Mr. Owens of Virginia, for himself, introduced,


To establish an executive department, to be denominated the Department of Treasury

Be it enacted by the Senate and House of Representatives of the United States of America in Congress assembled,

Sec. 1.
There shall be a Department of Treasury, in which shall be the following offi­cers, namely: a Secretary of the Treasury, to be deemed head of the department; a Comptroller, an Auditor, a Treasurer, a Register, and an Assistant to the Secretary of the Treasury, which assistant shall be ap­pointed by the said Secretary.
Sec. 2.
That it shall be the duty of the Secretary of the Treasury to digest and prepare plans for the improve­ment and management of the revenue, and for the support of public credit; to prepare and report estimates of the public revenue, and the public expenditures; to superintend the collection of the revenue; to decide on the forms of keeping and stating accounts and making returns, and to grant under the limitations herein established, or to be hereafter provided, all warrants for monies to be issued from the Trea­sury, in pursuance of appropriations by law; to execute such services relative to the sale of the lands belonging to the United States, as maybe by law required of him; to make report, and give information to either branch of the legislature, in person or in writing (as he may be required), respecting all matters referred to him by the Senate or House of Representatives, or which shall appertain to his office; and generally to perform all such services relative to the finances, as he shall be di­rected to perform.
Sec. 3.
That it shall be the duty of the Comptroller to superintend the adjustment and preservation of the pub­lic accounts; to examine all accounts settled by the Auditor, and cer­tify the balances arising thereon to the Register; to countersign all war­rants drawn by the Secretary of the Treasury, which shall be warranted by law; to report to the Secretary the official forms of all papers to be issued in the different offices for collecting the public revenue, and the manner and form of keeping and stating the accounts of the several persons employed therein.
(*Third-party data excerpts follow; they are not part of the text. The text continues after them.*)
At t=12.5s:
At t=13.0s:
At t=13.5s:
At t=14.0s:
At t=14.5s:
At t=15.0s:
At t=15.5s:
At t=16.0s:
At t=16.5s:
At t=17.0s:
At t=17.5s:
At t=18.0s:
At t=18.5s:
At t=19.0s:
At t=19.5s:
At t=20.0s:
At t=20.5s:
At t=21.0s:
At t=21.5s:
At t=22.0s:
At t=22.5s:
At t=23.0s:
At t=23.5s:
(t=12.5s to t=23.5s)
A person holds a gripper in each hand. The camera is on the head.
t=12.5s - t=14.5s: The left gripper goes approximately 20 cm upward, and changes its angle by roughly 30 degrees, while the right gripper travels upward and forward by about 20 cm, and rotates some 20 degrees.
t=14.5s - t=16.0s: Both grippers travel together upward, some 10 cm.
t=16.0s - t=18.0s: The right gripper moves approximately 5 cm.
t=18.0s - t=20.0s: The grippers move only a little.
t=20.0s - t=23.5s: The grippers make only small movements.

He shall moreover provide for the regular and punctual payment of all monies which may be collected, and shall direct prosecutions for all delinquencies of officers of the revenue, and for debts that are, or shall be due to the United States.
Sec. 4.
That it shall be the duty of the Treasurer to receive and keep the monies of the United States, and to disburse the same upon warrants drawn by the Secretary of the Trea­sury, countersigned by the Comptroller, recorded by the Register, and not otherwise; he shall take receipts for all monies paid by him, and all receipts for monies received by him shall be endorsed upon warrants signed by the Secretary of the Treasury, without which warrant, so signed, no acknowledgment for money received into the public Trea­sury shall be valid. And the said Treasurer shall render his accounts to the Comptroller quarterly, (or oftener if required,) and shall transmit a copy thereof, when settled, to the Secretary of the Treasury. He shall moreover, on the third day of every session of Congress; lay before the Senate and House of Representatives, fair and accurate copies of all accounts by him from time [to time] rendered to, and settled with the Comptroller as aforesaid, as also, a true and perfect account of the state of the Treasury. He shall, at all times, submit to the Secretary of the Treasury, and the Comptroller, or either of them, the inspection of the monies in his hands; and shall, prior to the entering upon the duties of his office, give bond, with sufficient sureties, to be approved by the Sec­retary of the Treasury and Comptroller, in the sum of one hundred and fifty thousand dollars, payable to the United States, with condition for the faithful performance of the duties of his office, and for the fidelity of the persons to be by him employed, which bond shall be lodged in the office of the Comptroller of the Treasury of the United States.
Sec. 5.
That it shall be the duty of the Auditor to receive all public accounts, and after examination to certify the balance, and transmit the accounts with the vouchers and certificate to the Comptroller for his decision thereon: Provided,That if any per­son whose account shall be so audited, be dissatisfied therewith, he may within six months appeal to the Comptroller against such settlement.
Sec. 6. 
That it shall be the duty of the Register to keep all accounts of the receipts and expenditures of then public money, and of all debts due to or from the United States; to re­ceive from the Comptroller the accounts which shall have been finally adjusted, and to preserve such accounts with their vouchers and certificates; to record all warrants for the receipt or payment of monies at the Treasury, certify the same thereon, and to transmit to the Secretary of the Treasury, copies of the certificates of balances of accounts adjusted as is herein directed.
Sec. 7.
That whenever the Secretary shall be removed from office by the President of the United States, or in any other case of vacancy in the office of Secretary, the Assistant shall, during the vacancy, have the charge and custody of the records, books, and papers appertaining to the said office.
Sec. 8.
That no person appointed to any office instituted by this act, shall directly or indirectly be concerned or interested in carrying on the business of trade or commerce, or be owner in whole or in part of any sea-vessel, or purchase by himself, or another in trust for him, any public lands or other public property, or be concerned in the purchase or disposal of any public securities of any State, or of the United States, or take or apply to his own use, any emolument or gain for negotiating or transacting any business in the said department, other than what shall be allowed by law; and if any person shall offend against any of the prohibitions of this act, he shall be deemed guilty of a high misdemeanor, and forfeit to the United States the penalty of three thousand dollars, and shall upon conviction be re­moved from office, and forever thereafter incapable of holding any office under the United States: Provided, That if any other person than a public prosecutor shall give information of any such offense, upon which a prosecution and conviction shall be had, one half the aforesaid pen­alty of three thousand dollars, when recovered, shall be for the use of the person giving such information.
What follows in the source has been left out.